NASA Astronauts Run Into Cow While Practicing For Lunar Landing

In September 2026, NASA aimed to achieve a historic milestone by landing the first astronauts on the Moon in over half a century through its ambitious Artemis III mission. This monumental task necessitates an extensive coordination of contractors and logistics, setting the stage for a groundbreaking return to lunar exploration.

Preparations for this extraordinary mission are already in full swing. NASA astronauts Kate Rubins and Andre Douglas recently conducted a series of simulated “moonwalks” in the northern Arizona desert. These simulations offered valuable insights and led to a series of inspiring and humorous photographs released by NASA this week. Among these images, one amusing shot captured the duo’s close encounter with a curious cow, playfully dubbed “Close EnCOWnters.”

For these simulations, Rubins and Douglas did not wear their fully pressurized spacesuits—notoriously complex suits. Instead, they carried equipment-laden backpacks and wore 70-pound mockups of their movement-restricting spacesuits, creating an unusual yet practical training scenario. Historically, spacesuits from NASA’s Apollo missions were challenging to move in, making actions like grasping objects and kneeling particularly awkward in the Moon’s reduced gravity.
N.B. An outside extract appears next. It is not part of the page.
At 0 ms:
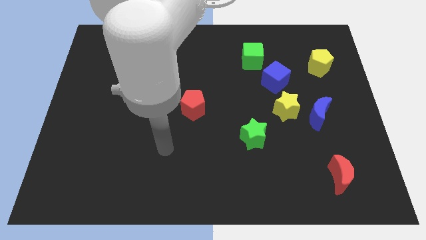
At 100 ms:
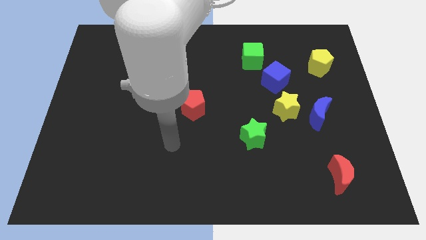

Moreover, teams simulated lunar sunsets and sunrises using a powerful spotlight, replicating the unique lighting conditions at the Moon’s southern pole. As NASA describes, the Sun “moves across the horizon, skimming the surface like a flashlight lying on a table.” NASA mineralogist Cherie Achilles highlighted the importance of these night simulations, stating, “Night simulations show us how tough it is for the astronauts to navigate in the dark. It’s pretty eye-opening.”

Curious bovine onlookers added an unexpected element to the simulations, as some cows watched the astronauts analyzing the local environment. NASA humorously noted, “There are, of course, no cows on the Moon,” sharing an image of a bull observing the astronauts.

Additionally, Rubins and Douglas were tasked with transmitting data about a simulated Moon rock to a nearby team, mirroring the data collection process planned for Artemis III. NASA intends to utilize data from its Lunar Reconnaissance Orbiter to provide astronauts with a detailed geological map during the mission.

Despite these preparations, significant challenges remain. No astronaut has yet launched into space aboard NASA’s Orion spacecraft. Moreover, NASA plans to use SpaceX’s Starship spacecraft to land on the lunar surface. Although Starship has reached orbit once without a crew, it has yet to achieve a successful landing on Earth, let alone on the Moon.